For the 4090 it was basically Founder's Edition or my card. FE was impossible to source (I am not in the USA), and I had to get the MSI card specially ordered in, the most common card was the ASUS ROG monster which at 357mm would never fit.

At 322mm, the MSI card barely fits (after deshrouding), there is like 2-3mm to spare length-wise. And you have to build in 3 slot mode if you want any clearance from the PSU (mount PSU on standoffs).

Before deshrouding, the GPU plastic covers mean you can't also plug in the USB-C I/O port.

Oh yeah, forgot about the riser cable.

The one that comes with the FormD case is serviceable, but depending on the motherboard. I believe it has issues with Gigabyte B760 and B650 motherboards.

I also have the LinkUp 19mm PCIe 5.0 V2 riser cable (https://linkup.one/linkup-ava5-pcie-5-0-riser-cable-future-p...), but it can only be used in air-cooled builds - it has a red tab at the top which blocks the radiator if you want to use it with watercooled/AIOs. See this thread: https://www.reddit.com/r/sffpc/comments/1f5ij02/question_re_.... Some brave souls have hacked off the tab with a knife/scissors but you have to be careful not to cut the wires along with it :)

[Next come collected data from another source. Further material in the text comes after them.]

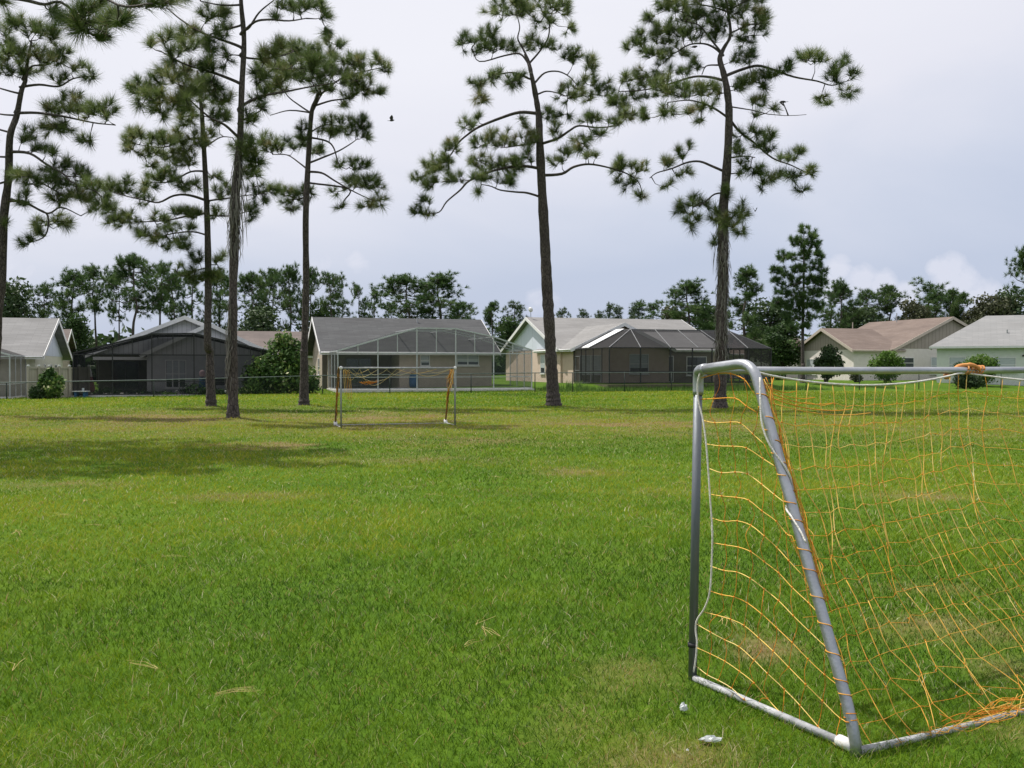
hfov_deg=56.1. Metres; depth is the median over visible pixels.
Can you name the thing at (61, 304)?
pine tree
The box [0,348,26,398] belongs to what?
pool enclosure
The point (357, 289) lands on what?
pine tree
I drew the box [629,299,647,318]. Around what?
pine tree
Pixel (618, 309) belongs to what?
pine tree
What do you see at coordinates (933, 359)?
window
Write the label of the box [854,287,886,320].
pine tree
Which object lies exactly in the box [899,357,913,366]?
window
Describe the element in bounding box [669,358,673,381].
window
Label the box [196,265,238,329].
pine tree
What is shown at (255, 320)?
broadleaf tree
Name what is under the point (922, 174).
sky
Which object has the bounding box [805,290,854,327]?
pine tree
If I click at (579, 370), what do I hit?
door
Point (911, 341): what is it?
house
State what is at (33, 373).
privacy fence
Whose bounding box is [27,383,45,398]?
bush
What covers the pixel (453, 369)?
soccer goal
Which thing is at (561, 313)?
pine tree
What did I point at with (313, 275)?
pine tree
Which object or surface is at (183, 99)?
pine tree
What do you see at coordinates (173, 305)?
pine tree
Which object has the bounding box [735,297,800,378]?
broadleaf tree
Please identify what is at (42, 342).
house
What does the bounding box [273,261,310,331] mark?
pine tree
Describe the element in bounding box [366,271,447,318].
pine tree
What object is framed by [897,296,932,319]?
broadleaf tree
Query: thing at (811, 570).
soccer goal
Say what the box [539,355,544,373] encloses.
window
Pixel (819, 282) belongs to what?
pine tree
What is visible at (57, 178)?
pine tree
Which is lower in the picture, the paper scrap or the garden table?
the paper scrap
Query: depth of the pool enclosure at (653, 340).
68.11 m
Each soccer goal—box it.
[333,366,456,427]
[688,359,1023,756]
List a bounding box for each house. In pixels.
[0,318,71,395]
[63,329,76,366]
[116,316,272,354]
[237,331,312,371]
[308,317,500,388]
[500,317,714,382]
[726,338,800,377]
[796,313,967,379]
[929,315,1023,385]
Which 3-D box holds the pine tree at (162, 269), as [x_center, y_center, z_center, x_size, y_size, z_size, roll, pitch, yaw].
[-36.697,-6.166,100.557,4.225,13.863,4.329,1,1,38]
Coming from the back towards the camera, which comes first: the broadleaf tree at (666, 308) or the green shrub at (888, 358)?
the broadleaf tree at (666, 308)
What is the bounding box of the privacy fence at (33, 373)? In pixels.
[27,364,72,397]
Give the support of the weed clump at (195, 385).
on the lawn at (504, 699)
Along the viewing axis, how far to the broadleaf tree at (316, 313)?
105.11 m
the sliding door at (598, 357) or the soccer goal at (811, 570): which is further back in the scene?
the sliding door at (598, 357)
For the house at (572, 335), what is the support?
on the lawn at (504, 699)
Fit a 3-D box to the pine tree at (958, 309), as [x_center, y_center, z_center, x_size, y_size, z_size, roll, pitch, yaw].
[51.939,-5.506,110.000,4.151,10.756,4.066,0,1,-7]
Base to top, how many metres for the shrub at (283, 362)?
4.263 m
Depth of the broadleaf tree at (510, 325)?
117.00 m
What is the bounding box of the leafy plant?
[243,376,269,393]
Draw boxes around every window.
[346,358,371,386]
[419,355,430,366]
[456,355,479,366]
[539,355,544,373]
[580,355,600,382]
[629,354,649,374]
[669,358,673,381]
[686,356,707,375]
[806,359,815,374]
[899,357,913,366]
[931,357,936,374]
[949,357,965,366]
[993,357,1015,366]
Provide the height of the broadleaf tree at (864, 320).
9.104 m
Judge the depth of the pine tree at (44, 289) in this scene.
97.94 m
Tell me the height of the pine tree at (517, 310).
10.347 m
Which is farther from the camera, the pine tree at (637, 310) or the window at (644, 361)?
the pine tree at (637, 310)
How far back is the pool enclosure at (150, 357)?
56.52 m
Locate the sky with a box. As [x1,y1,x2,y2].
[0,0,1023,343]
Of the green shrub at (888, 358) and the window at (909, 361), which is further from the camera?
the window at (909, 361)
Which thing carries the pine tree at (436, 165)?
on the lawn at (504, 699)
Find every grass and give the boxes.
[537,382,828,391]
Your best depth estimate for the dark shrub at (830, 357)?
73.48 m
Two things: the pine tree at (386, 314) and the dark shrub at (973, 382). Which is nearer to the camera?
the dark shrub at (973, 382)
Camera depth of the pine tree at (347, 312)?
107.72 m
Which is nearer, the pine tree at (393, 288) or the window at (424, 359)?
the window at (424, 359)
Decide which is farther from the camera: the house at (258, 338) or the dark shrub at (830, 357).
the house at (258, 338)
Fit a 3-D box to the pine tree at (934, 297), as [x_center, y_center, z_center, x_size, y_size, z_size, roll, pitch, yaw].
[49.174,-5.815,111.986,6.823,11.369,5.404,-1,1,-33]
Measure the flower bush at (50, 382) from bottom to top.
2.046 m
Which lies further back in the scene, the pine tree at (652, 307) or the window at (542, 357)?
the pine tree at (652, 307)
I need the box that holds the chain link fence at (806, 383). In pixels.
[0,372,1023,398]
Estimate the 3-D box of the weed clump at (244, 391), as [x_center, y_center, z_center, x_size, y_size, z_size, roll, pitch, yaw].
[-15.690,0.368,57.656,1.892,0.815,0.808,0,1,0]
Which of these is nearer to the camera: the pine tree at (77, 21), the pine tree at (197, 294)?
the pine tree at (77, 21)
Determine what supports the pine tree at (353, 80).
on the lawn at (504, 699)
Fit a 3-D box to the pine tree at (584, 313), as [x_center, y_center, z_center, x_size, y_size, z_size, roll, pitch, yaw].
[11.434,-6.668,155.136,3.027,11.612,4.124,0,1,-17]
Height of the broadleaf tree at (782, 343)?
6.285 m
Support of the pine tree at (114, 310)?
on the lawn at (504, 699)
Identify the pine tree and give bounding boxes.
[0,0,193,52]
[0,7,124,361]
[23,280,59,317]
[42,265,103,333]
[79,262,114,346]
[93,251,171,335]
[97,71,286,405]
[99,270,139,340]
[120,0,339,417]
[140,259,181,324]
[156,270,192,320]
[170,270,204,320]
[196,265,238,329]
[220,269,280,313]
[249,25,396,404]
[249,266,295,316]
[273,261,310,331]
[296,266,325,327]
[316,270,348,316]
[326,296,353,316]
[349,281,372,317]
[365,286,382,317]
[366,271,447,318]
[376,299,407,317]
[406,0,651,405]
[408,269,473,318]
[446,299,478,319]
[481,299,506,355]
[496,299,529,321]
[554,307,571,317]
[577,308,591,317]
[594,310,604,317]
[603,302,614,318]
[610,0,865,408]
[610,304,624,318]
[626,304,640,318]
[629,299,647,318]
[637,299,663,318]
[660,277,715,329]
[714,262,770,375]
[768,221,831,382]
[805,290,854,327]
[811,277,875,327]
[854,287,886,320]
[874,283,909,320]
[908,275,951,317]
[918,287,955,317]
[942,287,965,319]
[944,290,973,321]
[1002,246,1023,297]
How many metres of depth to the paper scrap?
4.43 m
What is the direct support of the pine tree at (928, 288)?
on the lawn at (504, 699)
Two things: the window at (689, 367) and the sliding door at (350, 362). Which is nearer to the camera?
the sliding door at (350, 362)
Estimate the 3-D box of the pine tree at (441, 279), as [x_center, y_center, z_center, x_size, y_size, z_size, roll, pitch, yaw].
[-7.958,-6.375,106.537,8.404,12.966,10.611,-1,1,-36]
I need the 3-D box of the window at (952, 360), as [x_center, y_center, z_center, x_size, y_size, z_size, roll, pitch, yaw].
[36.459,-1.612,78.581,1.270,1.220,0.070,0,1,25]
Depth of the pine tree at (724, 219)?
35.93 m
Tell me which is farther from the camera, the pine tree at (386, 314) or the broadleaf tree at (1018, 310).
the pine tree at (386, 314)
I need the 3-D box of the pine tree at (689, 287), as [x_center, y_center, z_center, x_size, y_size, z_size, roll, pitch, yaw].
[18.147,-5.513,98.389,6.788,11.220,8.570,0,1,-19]
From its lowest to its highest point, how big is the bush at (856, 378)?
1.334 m
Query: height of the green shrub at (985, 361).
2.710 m
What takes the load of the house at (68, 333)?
on the lawn at (504, 699)
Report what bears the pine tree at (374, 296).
on the lawn at (504, 699)
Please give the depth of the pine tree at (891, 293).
111.42 m
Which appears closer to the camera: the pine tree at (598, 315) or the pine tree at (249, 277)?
the pine tree at (249, 277)
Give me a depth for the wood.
133.12 m
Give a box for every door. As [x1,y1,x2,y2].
[575,356,580,381]
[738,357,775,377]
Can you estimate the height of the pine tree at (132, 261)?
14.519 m
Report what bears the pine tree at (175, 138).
on the lawn at (504, 699)
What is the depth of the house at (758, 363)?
107.20 m
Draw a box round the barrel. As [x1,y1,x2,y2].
[409,373,415,387]
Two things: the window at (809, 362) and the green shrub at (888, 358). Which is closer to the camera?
the green shrub at (888, 358)
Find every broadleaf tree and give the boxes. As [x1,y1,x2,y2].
[2,275,46,317]
[61,312,96,366]
[237,305,284,330]
[293,305,335,331]
[492,316,519,367]
[660,305,687,322]
[689,298,731,329]
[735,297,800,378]
[757,320,805,376]
[832,304,885,328]
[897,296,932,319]
[959,302,990,323]
[966,291,1019,324]
[991,285,1023,314]
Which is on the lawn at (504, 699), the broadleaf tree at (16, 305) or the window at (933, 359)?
the broadleaf tree at (16, 305)
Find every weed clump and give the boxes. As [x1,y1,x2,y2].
[185,381,205,394]
[204,388,227,394]
[238,385,265,393]
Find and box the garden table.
[72,391,89,397]
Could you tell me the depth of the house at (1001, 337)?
78.31 m
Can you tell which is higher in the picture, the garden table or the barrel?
the barrel
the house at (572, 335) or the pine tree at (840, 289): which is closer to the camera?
the house at (572, 335)
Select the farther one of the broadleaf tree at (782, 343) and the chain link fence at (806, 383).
the broadleaf tree at (782, 343)
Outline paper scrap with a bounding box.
[679,702,687,710]
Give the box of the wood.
[80,325,810,374]
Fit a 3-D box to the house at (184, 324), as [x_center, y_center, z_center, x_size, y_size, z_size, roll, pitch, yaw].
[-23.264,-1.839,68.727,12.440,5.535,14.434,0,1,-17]
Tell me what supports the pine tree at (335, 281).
on the lawn at (504, 699)
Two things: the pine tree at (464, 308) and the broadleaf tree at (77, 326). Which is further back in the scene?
the pine tree at (464, 308)
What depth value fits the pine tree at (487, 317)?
99.75 m
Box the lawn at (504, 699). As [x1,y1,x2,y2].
[0,375,1023,767]
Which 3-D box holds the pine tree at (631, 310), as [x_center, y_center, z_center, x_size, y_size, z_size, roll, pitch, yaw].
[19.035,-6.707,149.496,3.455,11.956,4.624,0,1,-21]
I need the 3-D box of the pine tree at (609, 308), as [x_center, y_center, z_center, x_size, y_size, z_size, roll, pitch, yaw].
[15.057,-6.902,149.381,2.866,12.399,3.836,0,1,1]
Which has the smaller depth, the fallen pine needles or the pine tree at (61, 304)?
the fallen pine needles
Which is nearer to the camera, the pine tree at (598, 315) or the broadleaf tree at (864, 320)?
the broadleaf tree at (864, 320)
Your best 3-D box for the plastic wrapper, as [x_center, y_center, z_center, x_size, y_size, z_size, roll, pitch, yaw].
[0.842,1.502,4.074,0.105,0.023,0.049,0,1,0]
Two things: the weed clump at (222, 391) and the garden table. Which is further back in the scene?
the weed clump at (222, 391)
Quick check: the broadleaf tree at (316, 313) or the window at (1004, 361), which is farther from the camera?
the broadleaf tree at (316, 313)
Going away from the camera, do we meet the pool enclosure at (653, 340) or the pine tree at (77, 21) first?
the pine tree at (77, 21)
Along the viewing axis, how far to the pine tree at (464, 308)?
111.21 m
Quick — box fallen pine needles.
[7,462,1019,695]
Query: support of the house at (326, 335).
on the lawn at (504, 699)
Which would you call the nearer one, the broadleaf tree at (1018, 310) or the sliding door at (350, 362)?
the sliding door at (350, 362)
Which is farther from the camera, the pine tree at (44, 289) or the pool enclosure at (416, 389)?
the pine tree at (44, 289)
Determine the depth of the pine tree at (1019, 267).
69.84 m
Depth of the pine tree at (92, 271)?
101.30 m
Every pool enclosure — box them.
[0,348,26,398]
[71,333,266,396]
[327,327,533,392]
[573,329,771,387]
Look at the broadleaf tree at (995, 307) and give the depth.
105.20 m
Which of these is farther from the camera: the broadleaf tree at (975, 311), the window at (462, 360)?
the broadleaf tree at (975, 311)
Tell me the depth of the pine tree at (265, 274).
103.38 m
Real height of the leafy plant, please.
1.272 m
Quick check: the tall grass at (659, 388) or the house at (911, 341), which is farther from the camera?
the house at (911, 341)
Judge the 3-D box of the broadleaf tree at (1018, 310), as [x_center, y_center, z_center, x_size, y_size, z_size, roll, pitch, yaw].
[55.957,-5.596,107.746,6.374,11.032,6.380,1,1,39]
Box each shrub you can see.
[240,329,321,393]
[812,344,845,381]
[867,350,905,382]
[951,362,983,388]
[961,354,1000,385]
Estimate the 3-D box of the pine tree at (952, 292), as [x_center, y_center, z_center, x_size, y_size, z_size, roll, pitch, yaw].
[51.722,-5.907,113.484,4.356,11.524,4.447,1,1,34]
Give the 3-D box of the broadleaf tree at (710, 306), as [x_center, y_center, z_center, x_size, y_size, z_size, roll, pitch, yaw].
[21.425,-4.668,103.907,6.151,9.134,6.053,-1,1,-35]
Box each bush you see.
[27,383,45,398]
[36,367,66,398]
[848,374,862,381]
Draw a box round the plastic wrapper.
[698,735,721,741]
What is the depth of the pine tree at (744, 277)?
90.07 m
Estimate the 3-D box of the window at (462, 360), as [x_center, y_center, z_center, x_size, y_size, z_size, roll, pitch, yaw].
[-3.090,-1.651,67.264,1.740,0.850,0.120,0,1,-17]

So I had to go back to the stock cable for the AIO flavor build, which has other issues (you have to fold it/squash it a bit at the bottom where it bends around below the motherboard, so that pressure on it doesn't cause it to make it pop out of the motherboard connector). Before you put on the bottom cover with the feet on it, the riser will touch the surface of whatever you are building on, and given enough time can cause the motherboard connector to loosen or pop out.

Had hours of debugging fun trying to figure out why it was starting to lock up while gaming, turned out to be the riser having wiggled loose from the motherboard.